◆ Work item ◆
Take the line that holds "Character: 氖" and every line after it to the end of the entries, and repeat them exactly without the pictures.
======== The records
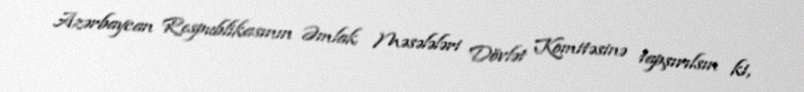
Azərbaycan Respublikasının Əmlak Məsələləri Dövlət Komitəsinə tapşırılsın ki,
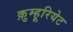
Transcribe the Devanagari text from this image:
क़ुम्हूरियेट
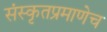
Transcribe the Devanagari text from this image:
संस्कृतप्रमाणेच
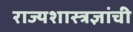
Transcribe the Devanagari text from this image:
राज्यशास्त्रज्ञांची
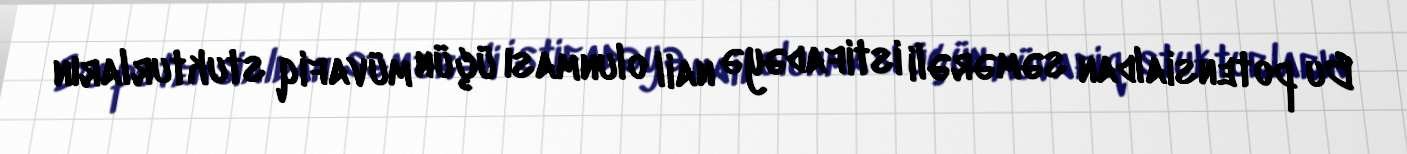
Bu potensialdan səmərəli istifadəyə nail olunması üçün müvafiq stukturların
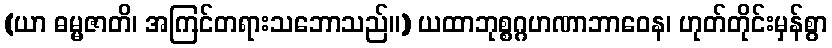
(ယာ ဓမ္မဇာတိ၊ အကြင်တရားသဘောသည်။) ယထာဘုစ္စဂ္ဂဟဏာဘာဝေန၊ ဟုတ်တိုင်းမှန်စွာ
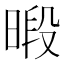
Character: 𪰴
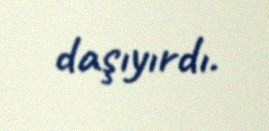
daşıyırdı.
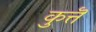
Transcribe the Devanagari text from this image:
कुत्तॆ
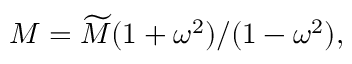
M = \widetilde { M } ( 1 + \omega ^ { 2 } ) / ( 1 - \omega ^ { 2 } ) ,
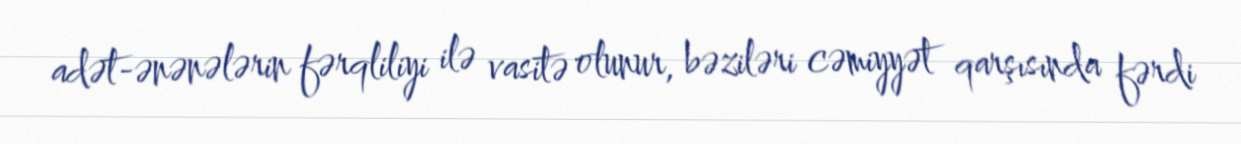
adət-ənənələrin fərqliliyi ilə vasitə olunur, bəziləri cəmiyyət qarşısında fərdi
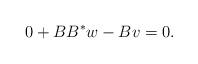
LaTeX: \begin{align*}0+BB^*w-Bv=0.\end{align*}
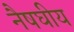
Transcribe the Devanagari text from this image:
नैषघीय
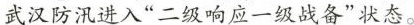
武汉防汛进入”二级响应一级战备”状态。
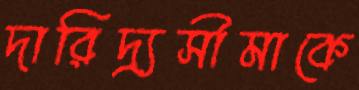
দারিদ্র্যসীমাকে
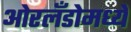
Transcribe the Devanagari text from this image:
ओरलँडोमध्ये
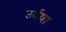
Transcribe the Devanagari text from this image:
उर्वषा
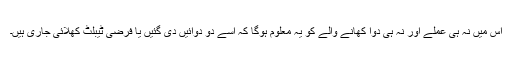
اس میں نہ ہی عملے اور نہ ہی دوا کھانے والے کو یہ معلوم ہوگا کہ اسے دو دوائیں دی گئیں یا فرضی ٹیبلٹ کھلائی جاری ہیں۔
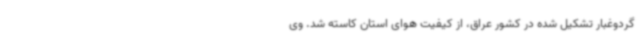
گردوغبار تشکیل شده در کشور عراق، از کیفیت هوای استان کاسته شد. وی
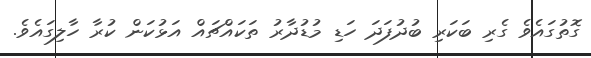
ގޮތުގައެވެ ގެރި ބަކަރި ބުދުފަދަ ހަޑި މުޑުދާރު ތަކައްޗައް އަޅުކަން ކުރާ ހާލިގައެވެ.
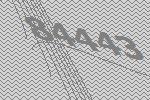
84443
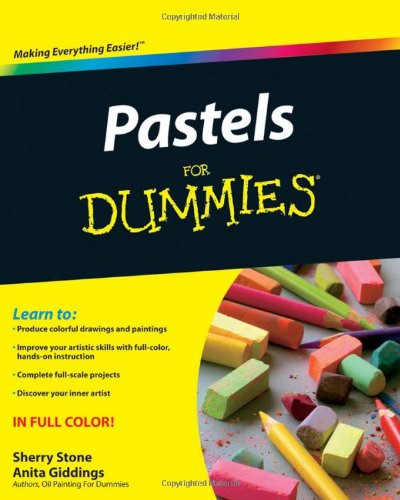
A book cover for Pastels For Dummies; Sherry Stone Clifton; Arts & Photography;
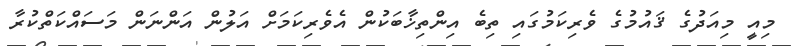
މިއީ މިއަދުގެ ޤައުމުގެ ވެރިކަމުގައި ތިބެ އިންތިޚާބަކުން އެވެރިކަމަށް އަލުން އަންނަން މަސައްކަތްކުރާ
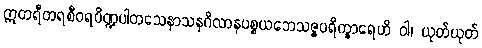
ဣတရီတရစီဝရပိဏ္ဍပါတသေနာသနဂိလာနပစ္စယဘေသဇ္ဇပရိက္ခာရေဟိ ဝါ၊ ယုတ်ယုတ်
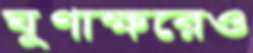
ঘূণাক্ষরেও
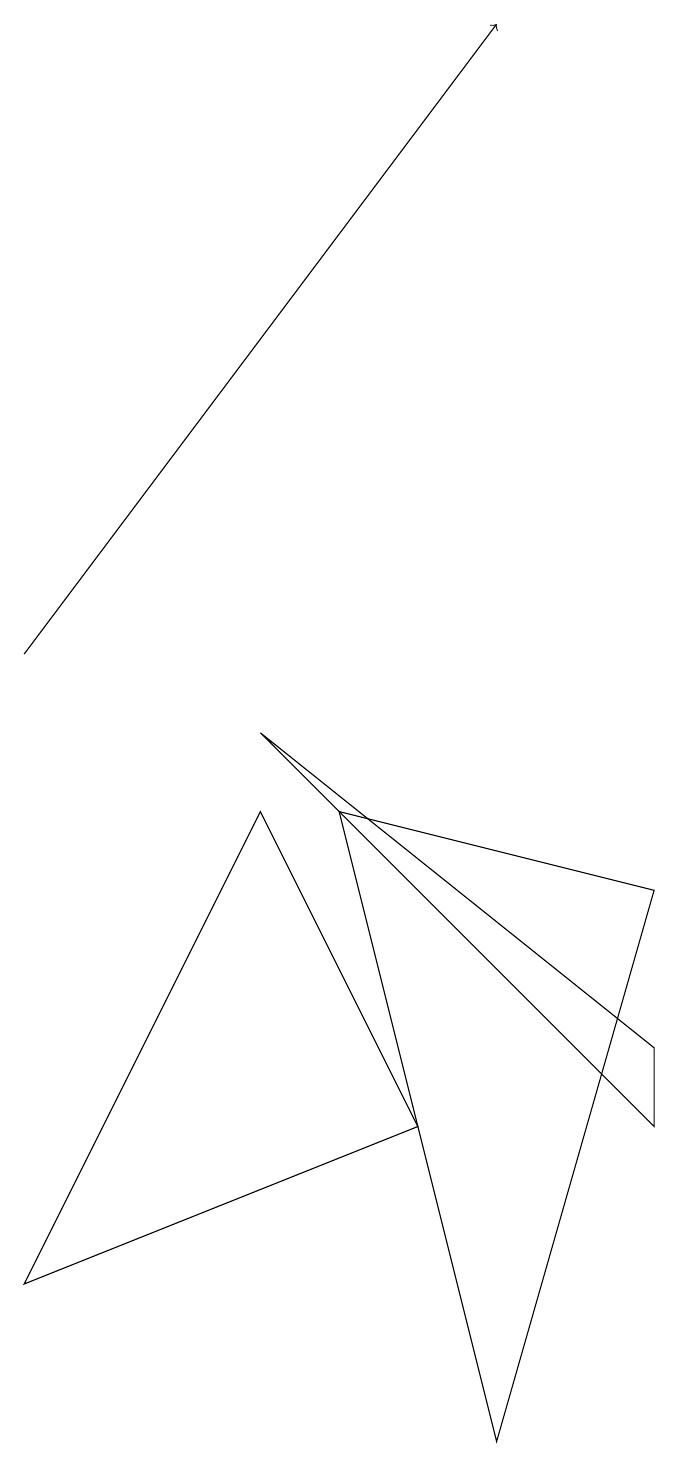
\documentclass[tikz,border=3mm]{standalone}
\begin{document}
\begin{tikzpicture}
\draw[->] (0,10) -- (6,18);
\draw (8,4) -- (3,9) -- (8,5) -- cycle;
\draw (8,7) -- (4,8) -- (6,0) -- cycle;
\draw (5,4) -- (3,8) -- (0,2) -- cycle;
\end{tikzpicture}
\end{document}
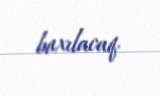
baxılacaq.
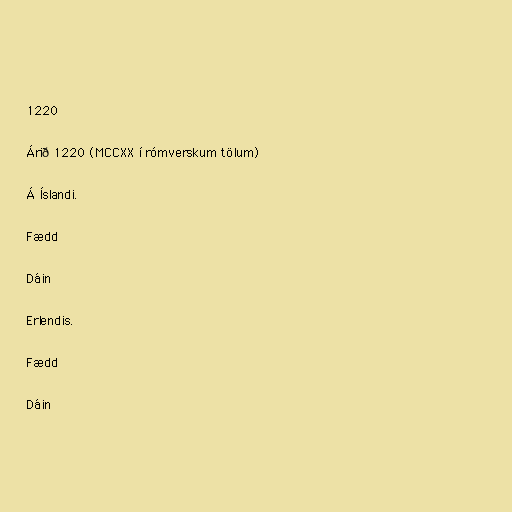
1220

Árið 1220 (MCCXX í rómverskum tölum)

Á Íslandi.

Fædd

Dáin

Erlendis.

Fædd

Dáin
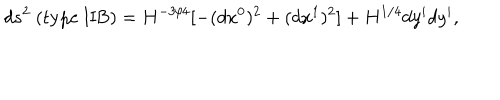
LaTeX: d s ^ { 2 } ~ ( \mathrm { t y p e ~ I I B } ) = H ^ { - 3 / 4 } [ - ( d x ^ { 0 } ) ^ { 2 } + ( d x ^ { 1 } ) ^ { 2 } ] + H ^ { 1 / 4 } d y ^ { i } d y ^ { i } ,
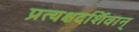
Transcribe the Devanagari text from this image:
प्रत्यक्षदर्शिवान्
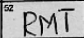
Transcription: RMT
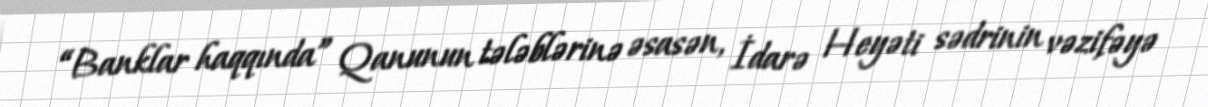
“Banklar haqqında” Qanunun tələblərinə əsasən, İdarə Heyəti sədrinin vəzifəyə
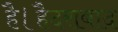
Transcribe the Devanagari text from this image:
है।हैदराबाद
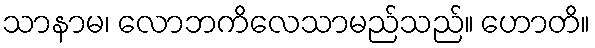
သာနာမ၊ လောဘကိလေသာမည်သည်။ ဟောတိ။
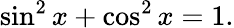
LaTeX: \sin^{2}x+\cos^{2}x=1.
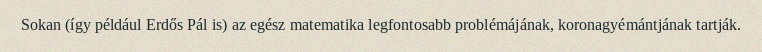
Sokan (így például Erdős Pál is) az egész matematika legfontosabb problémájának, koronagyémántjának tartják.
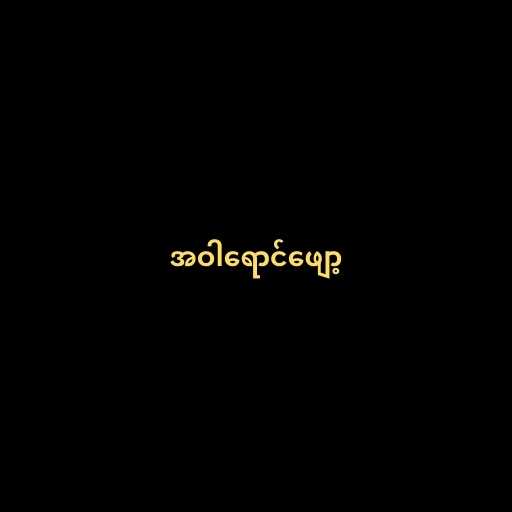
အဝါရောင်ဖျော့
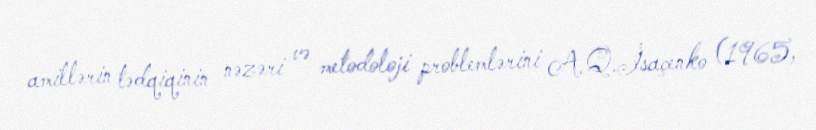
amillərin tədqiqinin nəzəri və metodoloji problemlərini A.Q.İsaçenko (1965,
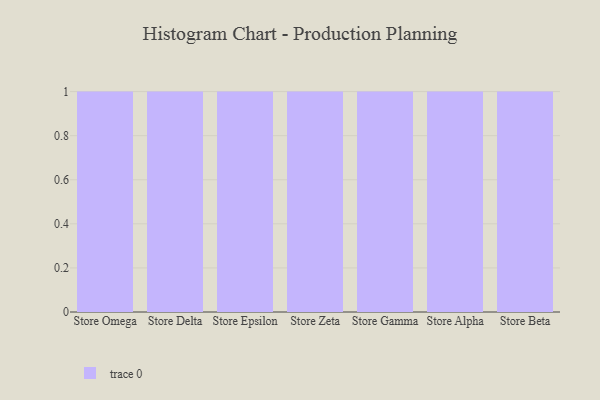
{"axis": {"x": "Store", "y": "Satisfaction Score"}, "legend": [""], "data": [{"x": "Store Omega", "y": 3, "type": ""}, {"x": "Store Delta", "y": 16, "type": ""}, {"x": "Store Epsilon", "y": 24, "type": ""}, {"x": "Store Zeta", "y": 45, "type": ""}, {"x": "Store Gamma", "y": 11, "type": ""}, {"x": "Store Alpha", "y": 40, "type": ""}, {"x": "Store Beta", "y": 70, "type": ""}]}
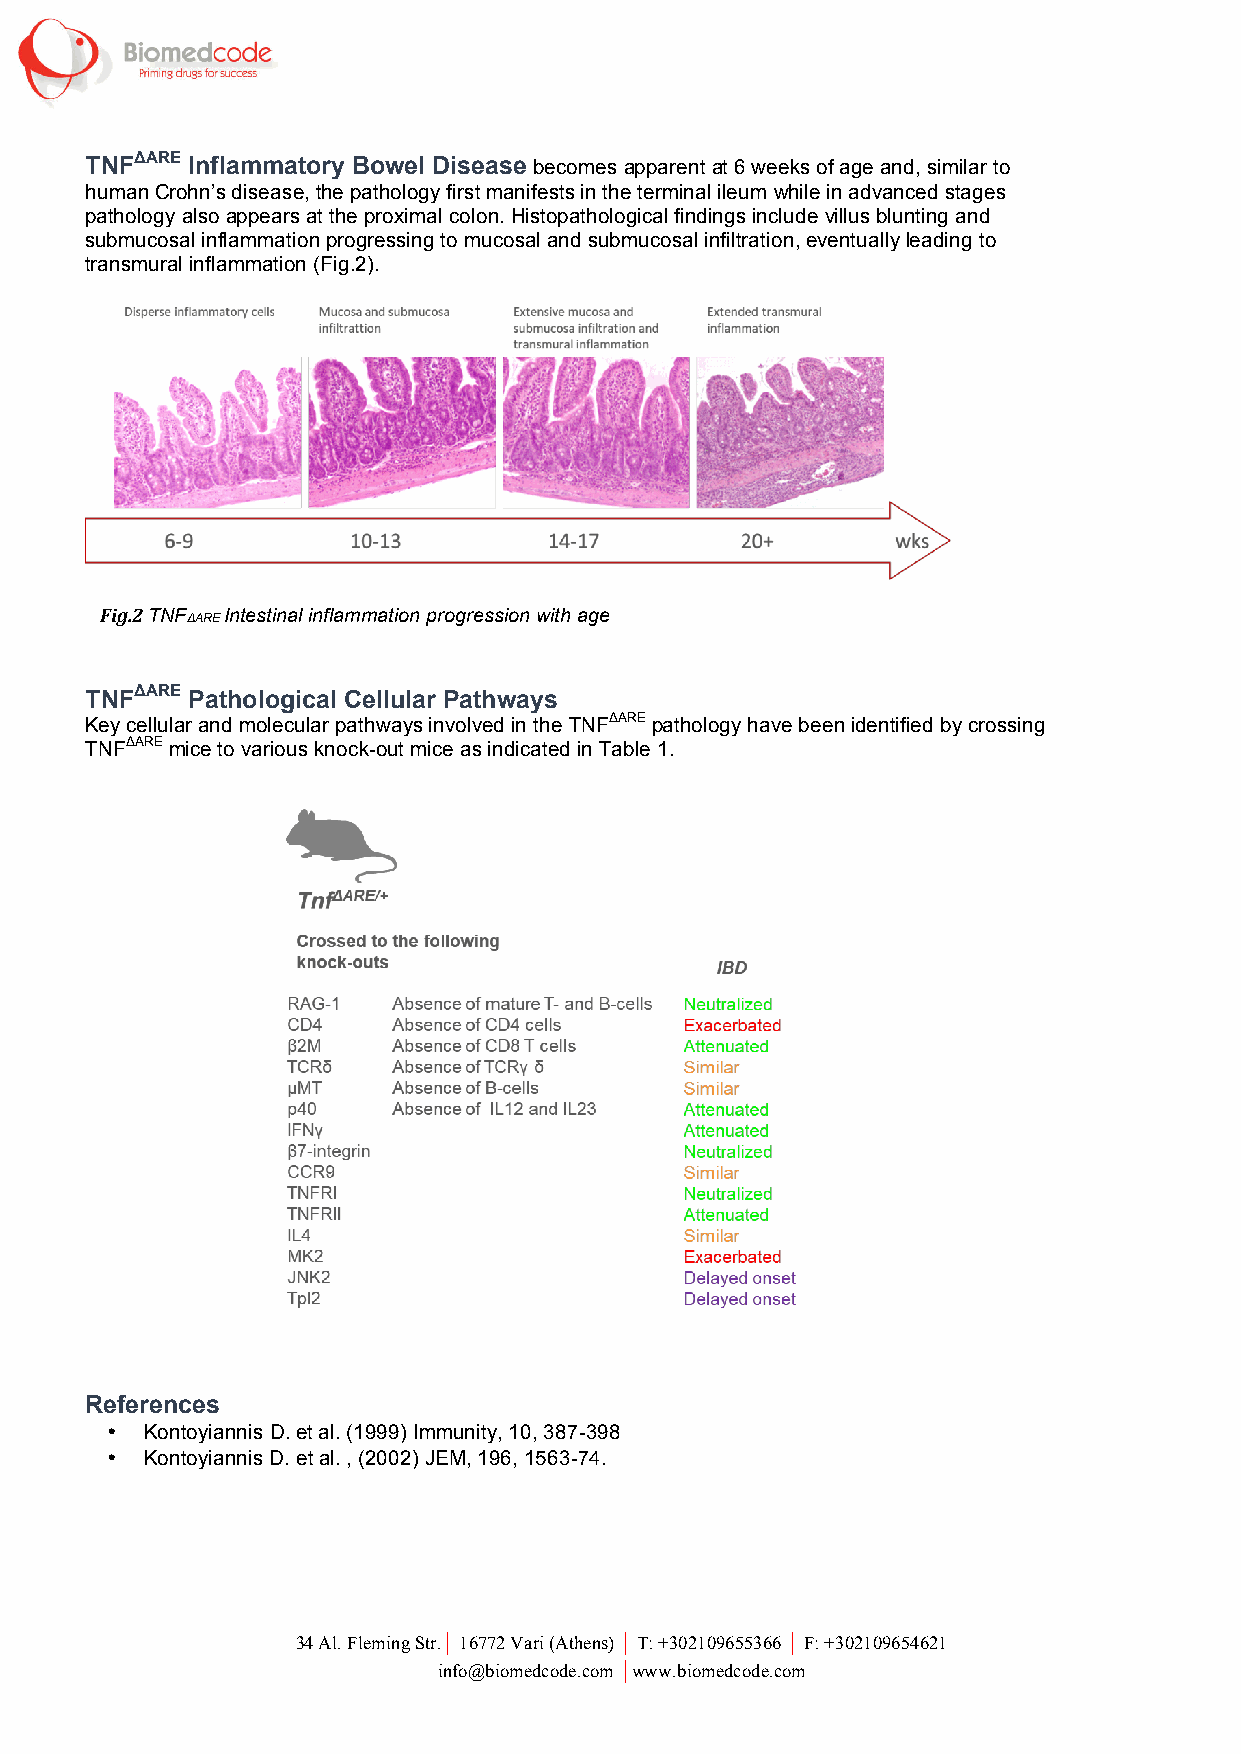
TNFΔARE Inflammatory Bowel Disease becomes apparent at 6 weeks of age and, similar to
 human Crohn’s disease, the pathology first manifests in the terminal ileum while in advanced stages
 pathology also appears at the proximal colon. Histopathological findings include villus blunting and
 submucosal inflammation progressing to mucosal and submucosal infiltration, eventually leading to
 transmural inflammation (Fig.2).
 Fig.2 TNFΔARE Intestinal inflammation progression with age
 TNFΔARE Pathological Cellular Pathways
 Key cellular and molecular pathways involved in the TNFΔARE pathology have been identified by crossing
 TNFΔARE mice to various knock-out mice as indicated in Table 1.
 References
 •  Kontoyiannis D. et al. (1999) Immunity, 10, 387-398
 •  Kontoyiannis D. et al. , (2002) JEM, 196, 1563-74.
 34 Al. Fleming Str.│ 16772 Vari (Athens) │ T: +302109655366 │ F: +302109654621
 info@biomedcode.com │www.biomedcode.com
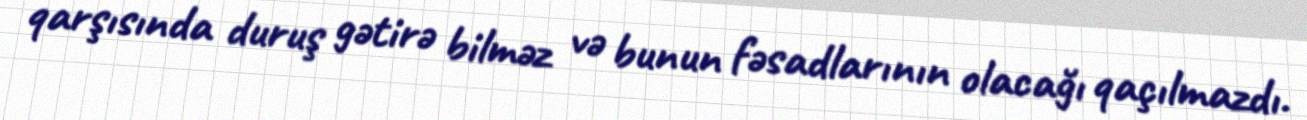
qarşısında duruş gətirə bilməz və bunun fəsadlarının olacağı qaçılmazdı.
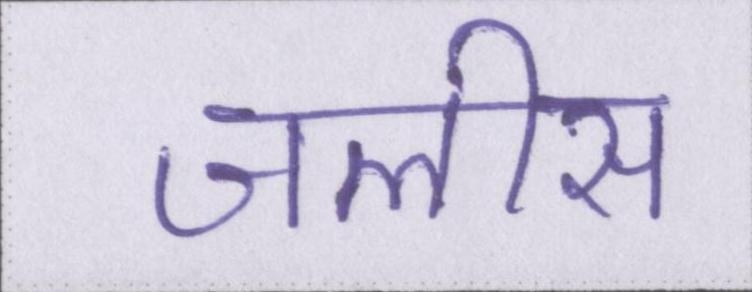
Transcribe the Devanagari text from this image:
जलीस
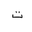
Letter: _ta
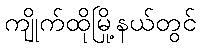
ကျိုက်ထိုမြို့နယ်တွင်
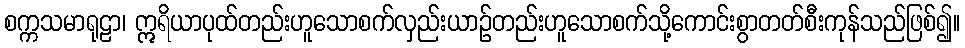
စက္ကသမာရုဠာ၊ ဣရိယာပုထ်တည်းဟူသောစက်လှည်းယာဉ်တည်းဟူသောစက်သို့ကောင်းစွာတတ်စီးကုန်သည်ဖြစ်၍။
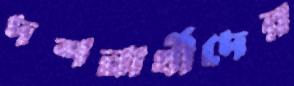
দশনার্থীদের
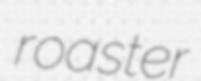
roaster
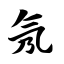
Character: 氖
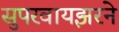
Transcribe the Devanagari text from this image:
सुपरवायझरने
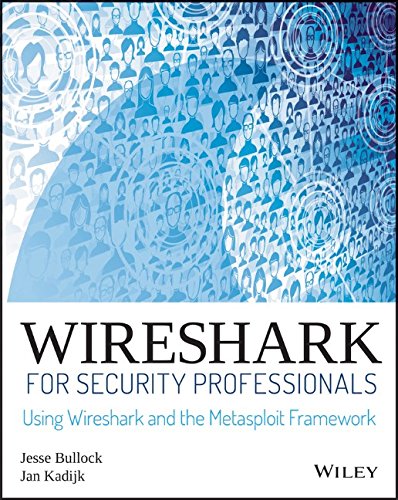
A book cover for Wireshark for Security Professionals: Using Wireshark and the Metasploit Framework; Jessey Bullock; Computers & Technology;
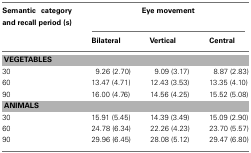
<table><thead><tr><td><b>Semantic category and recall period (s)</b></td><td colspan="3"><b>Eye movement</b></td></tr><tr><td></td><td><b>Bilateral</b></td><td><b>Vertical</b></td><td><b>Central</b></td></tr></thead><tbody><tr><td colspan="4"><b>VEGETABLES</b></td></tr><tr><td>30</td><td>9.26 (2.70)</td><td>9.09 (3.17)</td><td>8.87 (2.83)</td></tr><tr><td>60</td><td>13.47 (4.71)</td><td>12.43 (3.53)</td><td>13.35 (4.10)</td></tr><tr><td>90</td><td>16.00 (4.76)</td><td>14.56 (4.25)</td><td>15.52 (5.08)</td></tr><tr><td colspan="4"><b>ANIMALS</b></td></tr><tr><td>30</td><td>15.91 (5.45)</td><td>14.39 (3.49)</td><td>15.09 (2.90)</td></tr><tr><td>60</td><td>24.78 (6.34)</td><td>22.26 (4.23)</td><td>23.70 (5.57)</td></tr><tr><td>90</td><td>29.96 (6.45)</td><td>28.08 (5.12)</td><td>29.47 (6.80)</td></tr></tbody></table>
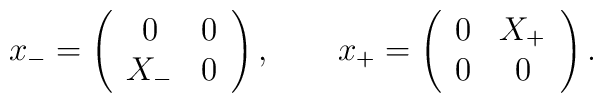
================
◆ Solution ◆
Character: 氖
Transcribe the Devanagari text from this image:
सुपरवायझरने
A book cover for Wireshark for Security Professionals: Using Wireshark and the Metasploit Framework; Jessey Bullock; Computers & Technology;
<table><thead><tr><td><b>Semantic category and recall period (s)</b></td><td colspan="3"><b>Eye movement</b></td></tr><tr><td></td><td><b>Bilateral</b></td><td><b>Vertical</b></td><td><b>Central</b></td></tr></thead><tbody><tr><td colspan="4"><b>VEGETABLES</b></td></tr><tr><td>30</td><td>9.26 (2.70)</td><td>9.09 (3.17)</td><td>8.87 (2.83)</td></tr><tr><td>60</td><td>13.47 (4.71)</td><td>12.43 (3.53)</td><td>13.35 (4.10)</td></tr><tr><td>90</td><td>16.00 (4.76)</td><td>14.56 (4.25)</td><td>15.52 (5.08)</td></tr><tr><td colspan="4"><b>ANIMALS</b></td></tr><tr><td>30</td><td>15.91 (5.45)</td><td>14.39 (3.49)</td><td>15.09 (2.90)</td></tr><tr><td>60</td><td>24.78 (6.34)</td><td>22.26 (4.23)</td><td>23.70 (5.57)</td></tr><tr><td>90</td><td>29.96 (6.45)</td><td>28.08 (5.12)</td><td>29.47 (6.80)</td></tr></tbody></table>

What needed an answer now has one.